Each record must be returned exactly, apart from the pictures, which stay out.
______________________________
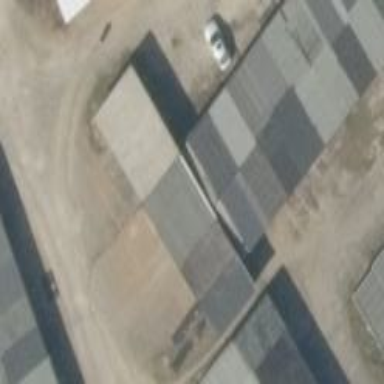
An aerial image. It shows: Group of garages.
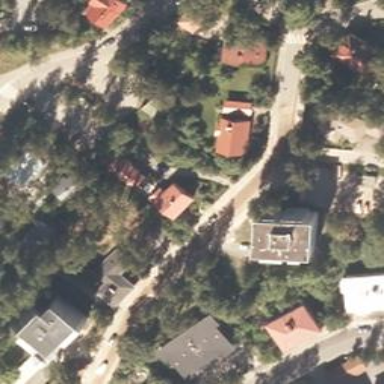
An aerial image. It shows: Residential road with asphalt surface. There is sidewalk on the left side.
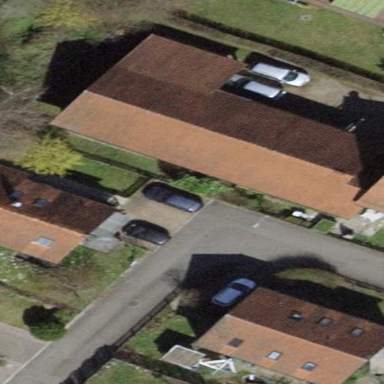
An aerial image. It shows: Pitched roof building.
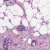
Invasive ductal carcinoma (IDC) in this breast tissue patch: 1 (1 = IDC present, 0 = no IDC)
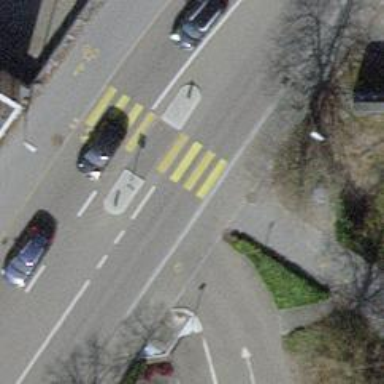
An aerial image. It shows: Crossing on asphalt path.
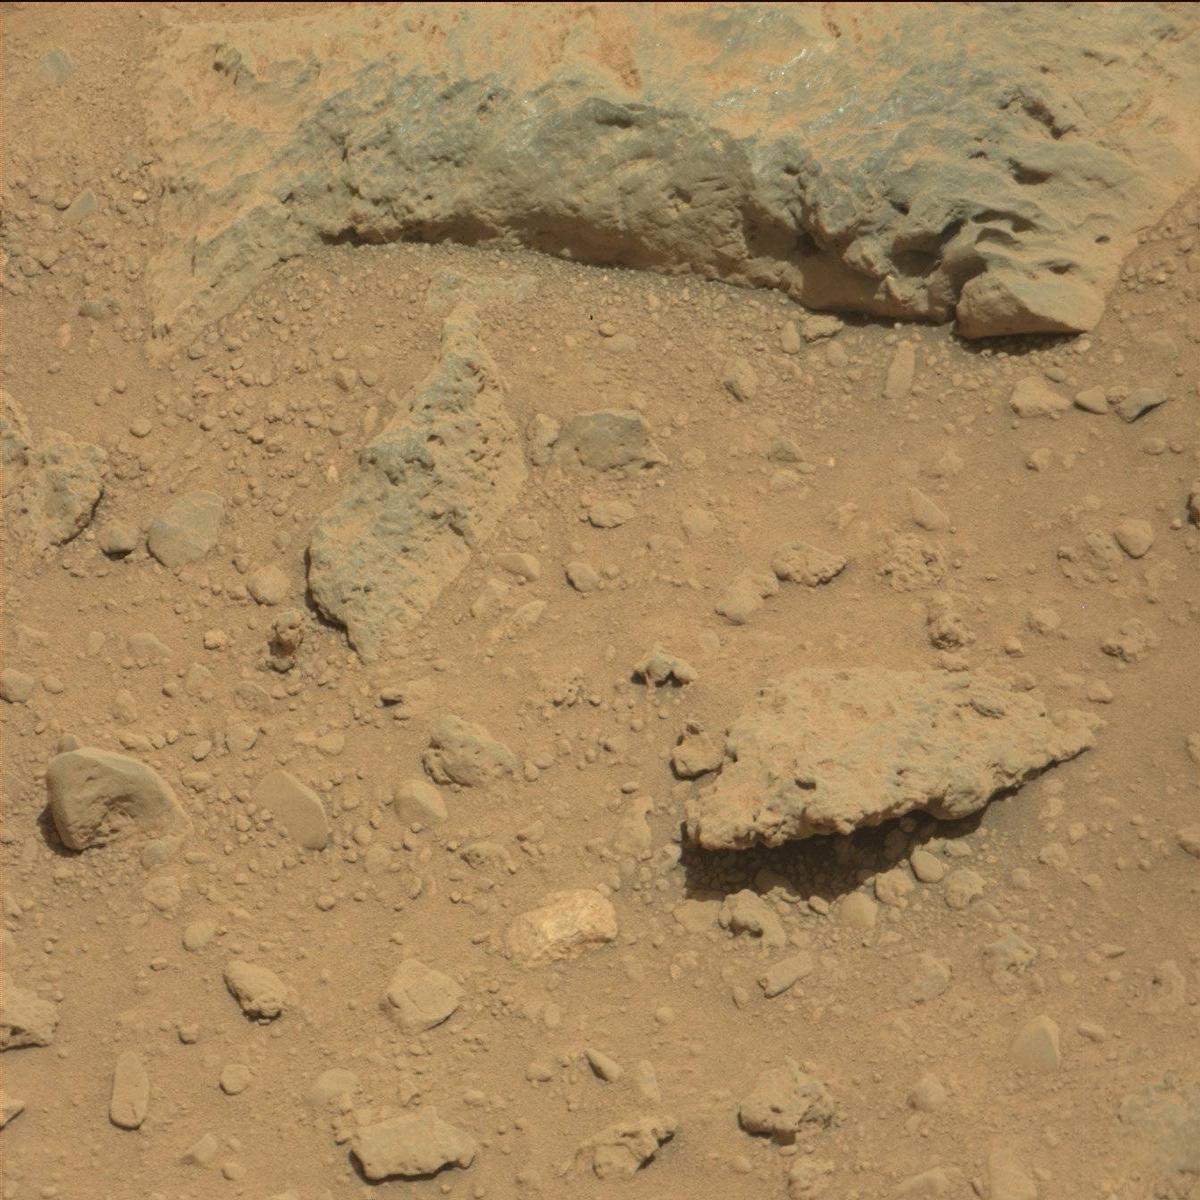
Terrain classes present: Bedrock, Sand / Soil
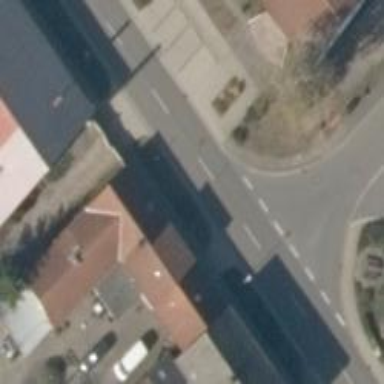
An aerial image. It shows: Convenience shop located in building.
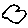
Label: cloud
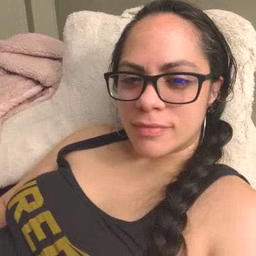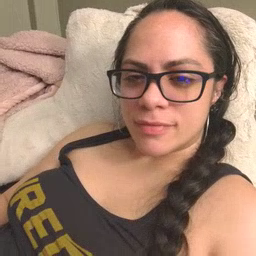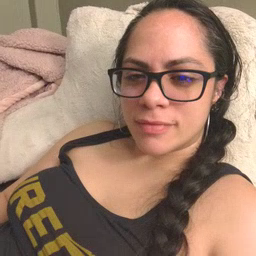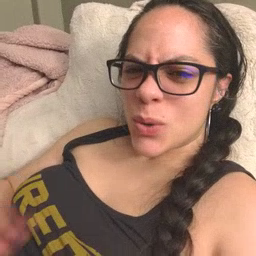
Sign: who
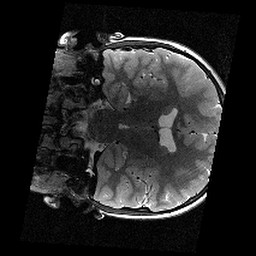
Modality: T2w
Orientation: coronal
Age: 9
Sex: male
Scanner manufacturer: siemens
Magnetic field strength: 3 T
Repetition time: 9.23 s
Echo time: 0.067 s
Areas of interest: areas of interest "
______________________________
#### Exercise output
An aerial image. It shows: Group of garages.
An aerial image. It shows: Residential road with asphalt surface. There is sidewalk on the left side.
An aerial image. It shows: Pitched roof building.
Invasive ductal carcinoma (IDC) in this breast tissue patch: 1 (1 = IDC present, 0 = no IDC)
An aerial image. It shows: Crossing on asphalt path.
Terrain classes present: Bedrock, Sand / Soil
An aerial image. It shows: Convenience shop located in building.
Label: cloud
Sign: who
Modality: T2w
Orientation: coronal
Age: 9
Sex: male
Scanner manufacturer: siemens
Magnetic field strength: 3 T
Repetition time: 9.23 s
Echo time: 0.067 s
Areas of interest: areas of interest "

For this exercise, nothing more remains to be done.